■ **What the task requires**
Pictures appear among the records. Write out all else exactly as it stands.
====== Records supplied ======
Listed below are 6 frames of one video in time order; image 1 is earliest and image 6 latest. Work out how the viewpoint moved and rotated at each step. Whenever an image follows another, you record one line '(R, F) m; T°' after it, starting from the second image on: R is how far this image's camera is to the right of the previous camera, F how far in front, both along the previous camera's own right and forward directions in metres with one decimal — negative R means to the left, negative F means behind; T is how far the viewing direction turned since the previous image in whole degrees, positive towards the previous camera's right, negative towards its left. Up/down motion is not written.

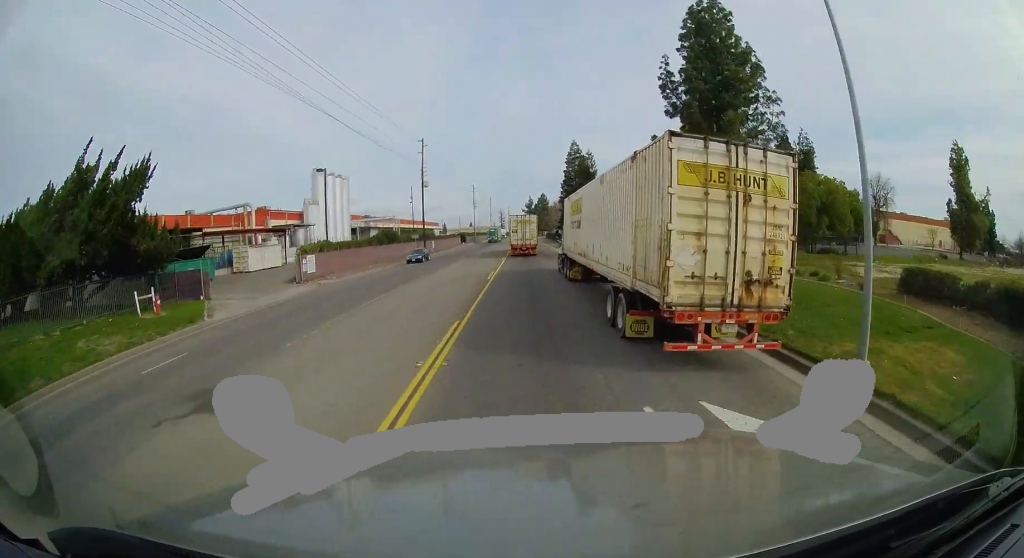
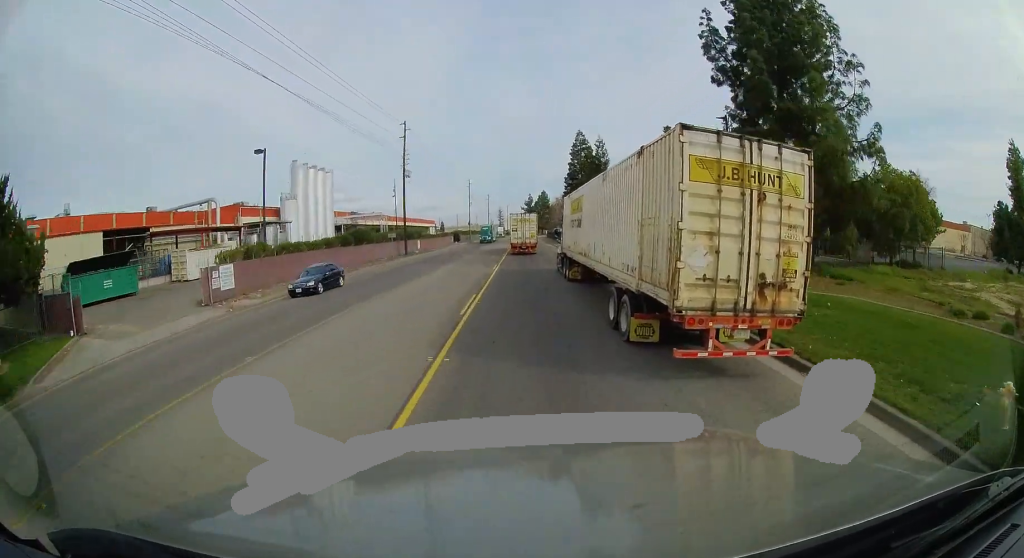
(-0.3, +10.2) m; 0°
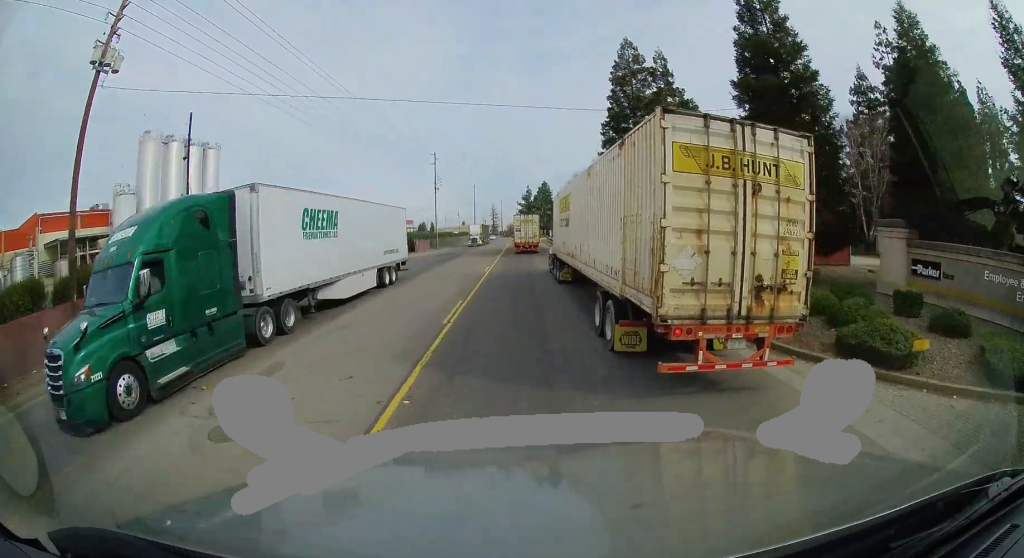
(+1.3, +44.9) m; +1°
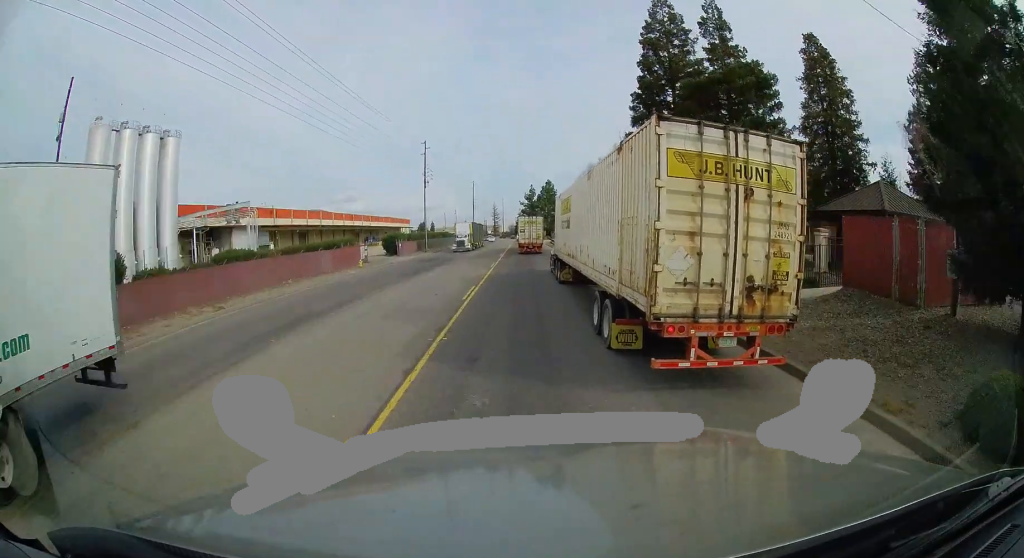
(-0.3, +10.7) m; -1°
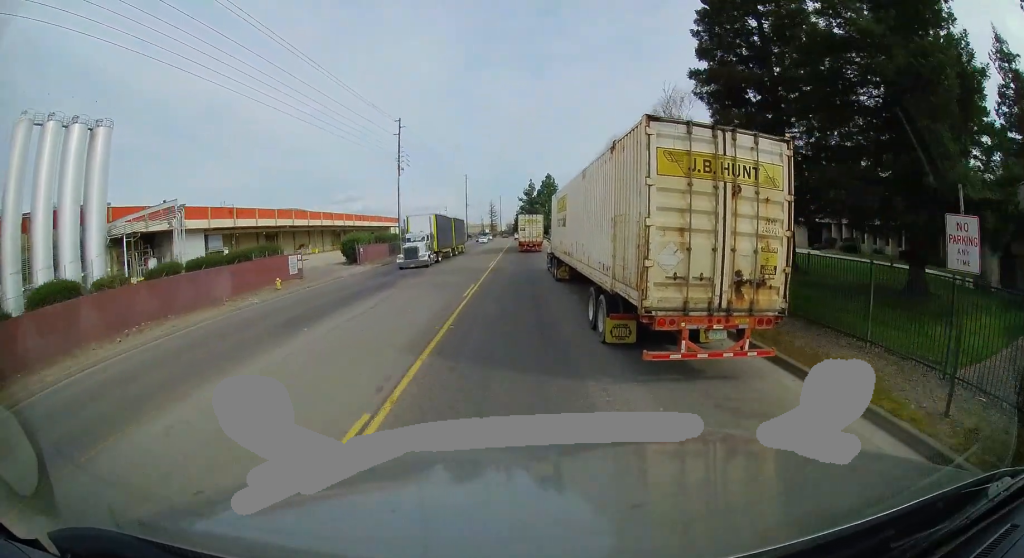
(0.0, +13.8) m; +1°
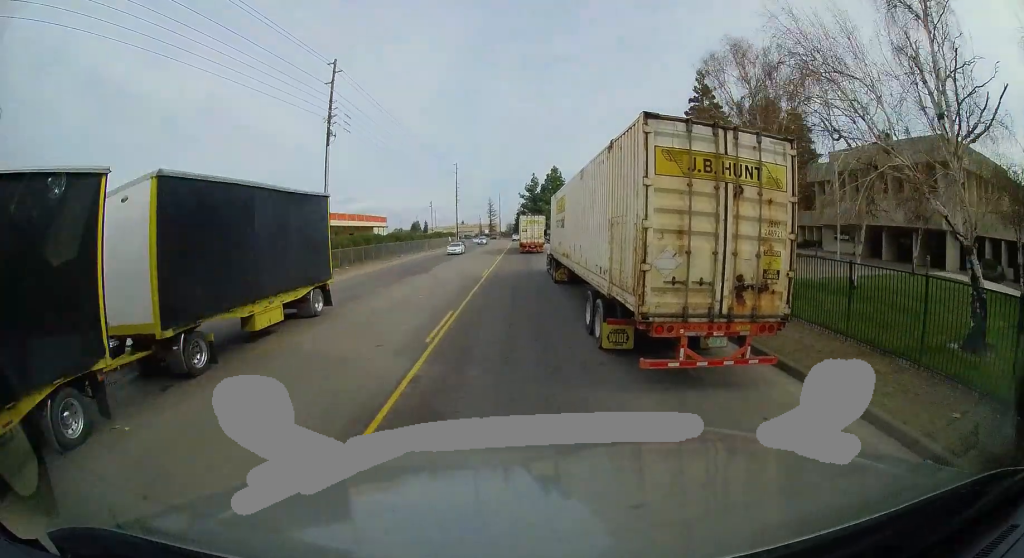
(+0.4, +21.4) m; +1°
======
■ **Answer space**
Listed below are 6 frames of one video in time order; image 1 is earliest and image 6 latest. Work out how the viewpoint moved and rotated at each step. Whenever an image follows another, you record one line '(R, F) m; T°' after it, starting from the second image on: R is how far this image's camera is to the right of the previous camera, F how far in front, both along the previous camera's own right and forward directions in metres with one decimal — negative R means to the left, negative F means behind; T is how far the viewing direction turned since the previous image in whole degrees, positive towards the previous camera's right, negative towards its left. Up/down motion is not written.

(-0.3, +10.2) m; 0°
(+1.3, +44.9) m; +1°
(-0.3, +10.7) m; -1°
(0.0, +13.8) m; +1°
(+0.4, +21.4) m; +1°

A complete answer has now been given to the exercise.